To answer your question, I fasted for health reasons (it's supposed to be good for you) but of course it also leads to weight-loss (or atleast it did for me and in-fact it did so 100 out of 107 times!) - anyway this is besides the point of the questions I am asking in my posts above - I am simply using this data that I collected to learn about stats/correlation etc. So if anyone can help me with the questions in my second post above that would be much appreciated.

#### ShoM

But how did you choose which days you would fast on
No rational to the days I chose but per my first post (see chart) you'l notice that I tended to fast during the same days for the last 3 years. Why is it important to know this knowing what I am asking? just curious.

#### hlsmith

Your top chart doesnt make sense to me, just plot your weight everyday for the 3 years as connected dots and fill in the dots for the days you fasted with a different color and post it. Just whether your next day weight was different seems like a poor metric. Say i eat and do the same thing everyday and my caloric expenditure is constant. The plot would be stocastic like coin flips given the intagibles i could not document. So 50% of the time i loss weight, just being me. But did i really lose weight? Well now say i dont eat for 24 hours, well yeah i am gonna lose weight cause i am burning off available glucose and urinating the water i retained because of the glucose, i may metabolize lean and fat tissue too and not rebuild it due to no macro nutrients, and i wont have as much waste in my gi tract since it will be clearing itself, so yeah the day after i fast i will always way less more than 50% of the time.
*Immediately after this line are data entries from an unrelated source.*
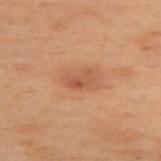  biopsy_status: not biopsied; imaged during a skin examination
  lighting: cross-polarized
  image:
    source: total-body photography crop
    field_of_view_mm: 15
  patient:
    sex: female
    age_approx: 55
  site: upper back
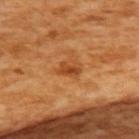biopsy status = catalogued during a skin exam; not biopsied
automated lesion analysis = a shape eccentricity near 0.75 and two-axis asymmetry of about 0.35; an average lesion color of about L≈49 a*≈28 b*≈44 (CIELAB) and roughly 10 lightness units darker than nearby skin; a border-irregularity index near 3/10, a color-variation rating of about 4/10, and peripheral color asymmetry of about 1.5; a nevus-likeness score of about 55/100 and lesion-presence confidence of about 100/100
patient = female, aged 53–57
body site = the upper back
imaging modality = ~15 mm crop, total-body skin-cancer survey
lesion diameter = ~2.5 mm (longest diameter)
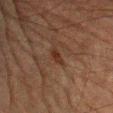{"biopsy_status": "not biopsied; imaged during a skin examination", "automated_metrics": {"cielab_L": 24, "cielab_a": 17, "cielab_b": 22, "vs_skin_darker_L": 6.0, "vs_skin_contrast_norm": 7.5}, "site": "left upper arm", "patient": {"sex": "male", "age_approx": 60}, "image": {"source": "total-body photography crop", "field_of_view_mm": 15}, "lesion_size": {"long_diameter_mm_approx": 2.5}, "lighting": "cross-polarized"}
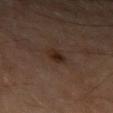Part of a total-body skin-imaging series; this lesion was reviewed on a skin check and was not flagged for biopsy. The total-body-photography lesion software estimated an outline eccentricity of about 0.55 (0 = round, 1 = elongated). And it measured a border-irregularity index near 2.5/10 and internal color variation of about 3 on a 0–10 scale. It also reported a nevus-likeness score of about 90/100 and a lesion-detection confidence of about 100/100. Located on the arm. A male subject aged 63–67. The tile uses cross-polarized illumination. The lesion's longest dimension is about 2 mm. A 15 mm crop from a total-body photograph taken for skin-cancer surveillance.
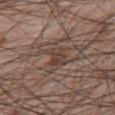Findings:
* notes: total-body-photography surveillance lesion; no biopsy
* anatomic site: the upper back
* tile lighting: white-light illumination
* image source: total-body-photography crop, ~15 mm field of view
* size: ~3 mm (longest diameter)
* patient: male, aged 63–67
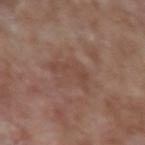follow-up: no biopsy performed (imaged during a skin exam); image source: ~15 mm tile from a whole-body skin photo; subject: male, approximately 65 years of age; site: the left upper arm; lesion diameter: ~4 mm (longest diameter); illumination: white-light.
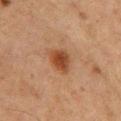Case summary:
* biopsy status: no biopsy performed (imaged during a skin exam)
* automated lesion analysis: an area of roughly 6.5 mm² and two-axis asymmetry of about 0.25
* patient: male, aged around 75
* anatomic site: the chest
* illumination: cross-polarized illumination
* lesion size: ~3.5 mm (longest diameter)
* acquisition: ~15 mm tile from a whole-body skin photo
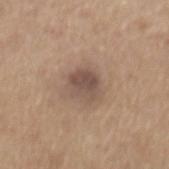Q: Was this lesion biopsied?
A: total-body-photography surveillance lesion; no biopsy
Q: Patient demographics?
A: male, in their mid-60s
Q: How was the tile lit?
A: white-light illumination
Q: Lesion location?
A: the back
Q: What did automated image analysis measure?
A: an area of roughly 7 mm², an eccentricity of roughly 0.5, and a symmetry-axis asymmetry near 0.2; roughly 10 lightness units darker than nearby skin and a lesion-to-skin contrast of about 8 (normalized; higher = more distinct); internal color variation of about 3.5 on a 0–10 scale; a nevus-likeness score of about 20/100
Q: What kind of image is this?
A: total-body-photography crop, ~15 mm field of view
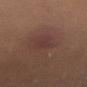Q: Was this lesion biopsied?
A: total-body-photography surveillance lesion; no biopsy
Q: What is the lesion's diameter?
A: about 3 mm
Q: How was this image acquired?
A: total-body-photography crop, ~15 mm field of view
Q: What are the patient's age and sex?
A: female, about 40 years old
Q: How was the tile lit?
A: white-light
Q: Where on the body is the lesion?
A: the right thigh
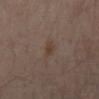A patient aged 53 to 57.
A 15 mm close-up tile from a total-body photography series done for melanoma screening.
The lesion is on the mid back.
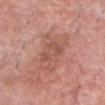The lesion was photographed on a routine skin check and not biopsied; there is no pathology result. This is a white-light tile. The lesion's longest dimension is about 6 mm. A roughly 15 mm field-of-view crop from a total-body skin photograph. The lesion is located on the head or neck. The lesion-visualizer software estimated an area of roughly 14 mm², a shape eccentricity near 0.85, and a shape-asymmetry score of about 0.3 (0 = symmetric). The software also gave a border-irregularity rating of about 4.5/10 and a peripheral color-asymmetry measure near 1. A male patient aged 58–62.
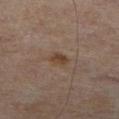biopsy status: total-body-photography surveillance lesion; no biopsy
imaging modality: total-body-photography crop, ~15 mm field of view
subject: male, in their mid- to late 60s
automated metrics: a nevus-likeness score of about 70/100 and a lesion-detection confidence of about 100/100
body site: the right lower leg
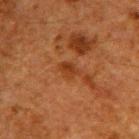Impression:
Captured during whole-body skin photography for melanoma surveillance; the lesion was not biopsied.
Context:
This image is a 15 mm lesion crop taken from a total-body photograph. The patient is a male aged 58–62. On the right upper arm. The lesion's longest dimension is about 2.5 mm.
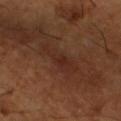This lesion was catalogued during total-body skin photography and was not selected for biopsy. The tile uses cross-polarized illumination. A lesion tile, about 15 mm wide, cut from a 3D total-body photograph. On the leg. Automated image analysis of the tile measured an area of roughly 7.5 mm². The software also gave a border-irregularity rating of about 5.5/10, internal color variation of about 2.5 on a 0–10 scale, and a peripheral color-asymmetry measure near 0.5. The analysis additionally found a classifier nevus-likeness of about 0/100 and a lesion-detection confidence of about 85/100. The subject is a male aged around 65.
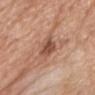| feature | finding |
|---|---|
| workup | imaged on a skin check; not biopsied |
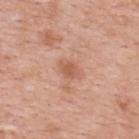Clinical impression: The lesion was tiled from a total-body skin photograph and was not biopsied. Context: A female subject, approximately 40 years of age. The lesion-visualizer software estimated a lesion area of about 3.5 mm² and an eccentricity of roughly 0.7. The analysis additionally found a color-variation rating of about 1.5/10 and a peripheral color-asymmetry measure near 0.5. It also reported a nevus-likeness score of about 20/100 and a lesion-detection confidence of about 100/100. A close-up tile cropped from a whole-body skin photograph, about 15 mm across. The lesion is located on the back. The tile uses white-light illumination.
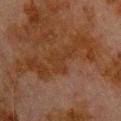biopsy status — total-body-photography surveillance lesion; no biopsy | lesion size — ≈4 mm | subject — male, aged around 80 | image-analysis metrics — an area of roughly 5.5 mm², an outline eccentricity of about 0.85 (0 = round, 1 = elongated), and a symmetry-axis asymmetry near 0.7; internal color variation of about 1 on a 0–10 scale and peripheral color asymmetry of about 0.5; a classifier nevus-likeness of about 0/100 and a lesion-detection confidence of about 95/100 | location — the upper back | image — ~15 mm tile from a whole-body skin photo | illumination — cross-polarized illumination.
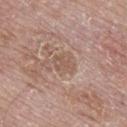| field | value |
|---|---|
| follow-up | catalogued during a skin exam; not biopsied |
| acquisition | total-body-photography crop, ~15 mm field of view |
| body site | the mid back |
| lighting | white-light |
| size | about 3 mm |
| subject | male, aged approximately 80 |
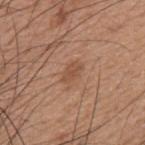Captured during whole-body skin photography for melanoma surveillance; the lesion was not biopsied. This image is a 15 mm lesion crop taken from a total-body photograph. From the back. A male subject, approximately 20 years of age. The lesion's longest dimension is about 2.5 mm.
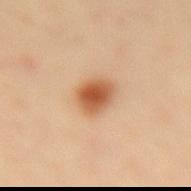biopsy_status: not biopsied; imaged during a skin examination
lesion_size:
  long_diameter_mm_approx: 3.5
image:
  source: total-body photography crop
  field_of_view_mm: 15
site: lower back
patient:
  sex: female
  age_approx: 50
lighting: cross-polarized
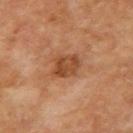| field | value |
|---|---|
| follow-up | catalogued during a skin exam; not biopsied |
| image | 15 mm crop, total-body photography |
| patient | male, roughly 70 years of age |
| illumination | cross-polarized illumination |
| site | the arm |
| lesion size | ≈3.5 mm |
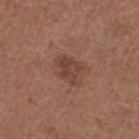Part of a total-body skin-imaging series; this lesion was reviewed on a skin check and was not flagged for biopsy. The recorded lesion diameter is about 3.5 mm. The lesion is on the left lower leg. A female patient, aged approximately 40. The lesion-visualizer software estimated an eccentricity of roughly 0.65 and a shape-asymmetry score of about 0.3 (0 = symmetric). It also reported border irregularity of about 3 on a 0–10 scale and a peripheral color-asymmetry measure near 1. This is a white-light tile. A 15 mm close-up tile from a total-body photography series done for melanoma screening.
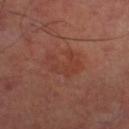Context:
A male subject aged approximately 65. Located on the left lower leg. This image is a 15 mm lesion crop taken from a total-body photograph.
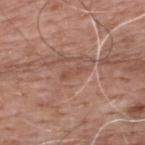workup = imaged on a skin check; not biopsied
acquisition = total-body-photography crop, ~15 mm field of view
patient = male, aged approximately 60
location = the upper back
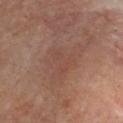biopsy status = total-body-photography surveillance lesion; no biopsy | lesion size = about 6.5 mm | image = ~15 mm tile from a whole-body skin photo | patient = male, aged approximately 65 | body site = the head or neck.
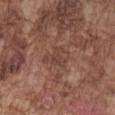No biopsy was performed on this lesion — it was imaged during a full skin examination and was not determined to be concerning.
The lesion is located on the chest.
A male patient in their mid-70s.
About 3 mm across.
The tile uses white-light illumination.
Cropped from a total-body skin-imaging series; the visible field is about 15 mm.
The total-body-photography lesion software estimated a footprint of about 6.5 mm², an eccentricity of roughly 0.55, and a shape-asymmetry score of about 0.35 (0 = symmetric). The software also gave an average lesion color of about L≈42 a*≈20 b*≈25 (CIELAB), a lesion–skin lightness drop of about 6, and a normalized border contrast of about 5. It also reported a within-lesion color-variation index near 3/10 and peripheral color asymmetry of about 1.
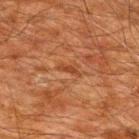No biopsy was performed on this lesion — it was imaged during a full skin examination and was not determined to be concerning. A male patient about 60 years old. Automated image analysis of the tile measured a lesion area of about 2.5 mm² and a symmetry-axis asymmetry near 0.3. And it measured a classifier nevus-likeness of about 0/100 and a lesion-detection confidence of about 50/100. The recorded lesion diameter is about 2.5 mm. On the upper back. A region of skin cropped from a whole-body photographic capture, roughly 15 mm wide. Imaged with cross-polarized lighting.
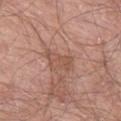Recorded during total-body skin imaging; not selected for excision or biopsy. A 15 mm close-up tile from a total-body photography series done for melanoma screening. Automated image analysis of the tile measured a lesion area of about 5 mm² and two-axis asymmetry of about 0.4. The software also gave an average lesion color of about L≈53 a*≈21 b*≈28 (CIELAB), about 7 CIELAB-L* units darker than the surrounding skin, and a normalized border contrast of about 5.5. Longest diameter approximately 3.5 mm. The lesion is on the left thigh. The tile uses white-light illumination. The patient is a male aged approximately 70.
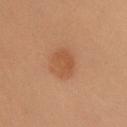Clinical impression:
The lesion was photographed on a routine skin check and not biopsied; there is no pathology result.
Clinical summary:
From the front of the torso. Measured at roughly 3 mm in maximum diameter. This image is a 15 mm lesion crop taken from a total-body photograph. This is a cross-polarized tile. A female subject aged 38–42.
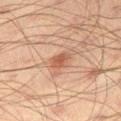The lesion was photographed on a routine skin check and not biopsied; there is no pathology result.
A male patient, roughly 45 years of age.
Cropped from a total-body skin-imaging series; the visible field is about 15 mm.
About 3 mm across.
From the leg.
Imaged with cross-polarized lighting.
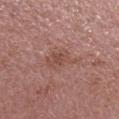| key | value |
|---|---|
| workup | total-body-photography surveillance lesion; no biopsy |
| anatomic site | the left forearm |
| lesion diameter | ≈3.5 mm |
| lighting | white-light illumination |
| image | ~15 mm crop, total-body skin-cancer survey |
| subject | female, aged approximately 50 |
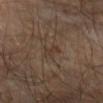The lesion was photographed on a routine skin check and not biopsied; there is no pathology result.
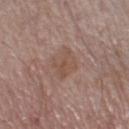patient=male, approximately 60 years of age
site=the left lower leg
imaging modality=~15 mm tile from a whole-body skin photo
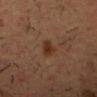<lesion>
<biopsy_status>not biopsied; imaged during a skin examination</biopsy_status>
<lighting>cross-polarized</lighting>
<patient>
  <sex>male</sex>
  <age_approx>35</age_approx>
</patient>
<image>
  <source>total-body photography crop</source>
  <field_of_view_mm>15</field_of_view_mm>
</image>
<site>head or neck</site>
</lesion>
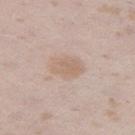The lesion was photographed on a routine skin check and not biopsied; there is no pathology result. Located on the left thigh. A female patient about 25 years old. The lesion-visualizer software estimated a lesion area of about 7 mm² and an outline eccentricity of about 0.75 (0 = round, 1 = elongated). And it measured a classifier nevus-likeness of about 5/100. Imaged with white-light lighting. The lesion's longest dimension is about 3.5 mm. A 15 mm crop from a total-body photograph taken for skin-cancer surveillance.
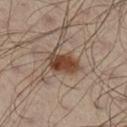Case summary:
• notes: catalogued during a skin exam; not biopsied
• lesion size: ~4 mm (longest diameter)
• illumination: cross-polarized
• subject: male, aged around 50
• image: total-body-photography crop, ~15 mm field of view
• automated metrics: a footprint of about 8.5 mm², an eccentricity of roughly 0.75, and a shape-asymmetry score of about 0.25 (0 = symmetric); a normalized border contrast of about 11; border irregularity of about 2.5 on a 0–10 scale, a color-variation rating of about 4.5/10, and peripheral color asymmetry of about 1.5; a nevus-likeness score of about 100/100
• site: the leg

What are you trying to prove then? Well if you are sustaining a deficiency you will lose scale weight.

Weight loss is just creating a caloric deficient. Fewer calories going in and/or more calories expended.i am not aware any non-nominal health benefits from fasting that cannot be achieved via structured diet. But whatever works for you! I do know intermitent fasting can be used in cancer treatments to try and slow its growth, and organ reserve theories have never been conclusively proven.

#### hlsmith

I would imagine people either fast on a particular that it is easy or post binge. Post binge may not show the true effect of fasting. I am sure there are other issues that may come into play with non-random fasting that could be conjured up.

#### ShoM

I would imagine people either fast on a particular that it is easy or post binge. Post binge may not show the true effect of fasting. I am sure there are other issues that may come into play with non-random fasting that could be conjured up.
None of this answers my very specific questions that I asked. You can imagine what you like, I'm sure people do fast post-binge but i'm not going to caveat my post to cover every possible thought you might have that may or may not have an impact on the data. Please assume that the data is representative of a reasonable and rational human being and that it's not been put together to catch you out. With that said, I'd still like help with the questions in my second post.

Thanks.

#### hlsmith

@noetsi - mentioned that ORs may not be useful here. Ideally, you would use risk differences if anything. But all (odds ratios, risk ratios, and risk differences) are moot, since as I probed, these data are all from you and are correlated to each other. Most models assume independence between observations - i.e. independent Bernoulli trials. So to my knowledge you can't use that (ORs) as a metric. This is a time series project and includes time series questions - which is not my strong area.

#### hlsmith

EDITED:

As mentioned, I think the first step should be to plot these data as a time series as mentioned in post #14.

P.S., I am not questioning that this data are collected by a rational person, just pointing out why randomization of underlying assignment of which days are fasting days may influence data. If there is a reason why a person fasts on a certain day that reason may also be associated with the outcome and create a confounding variable that would need to be addressed to discern the true relationship with fasting.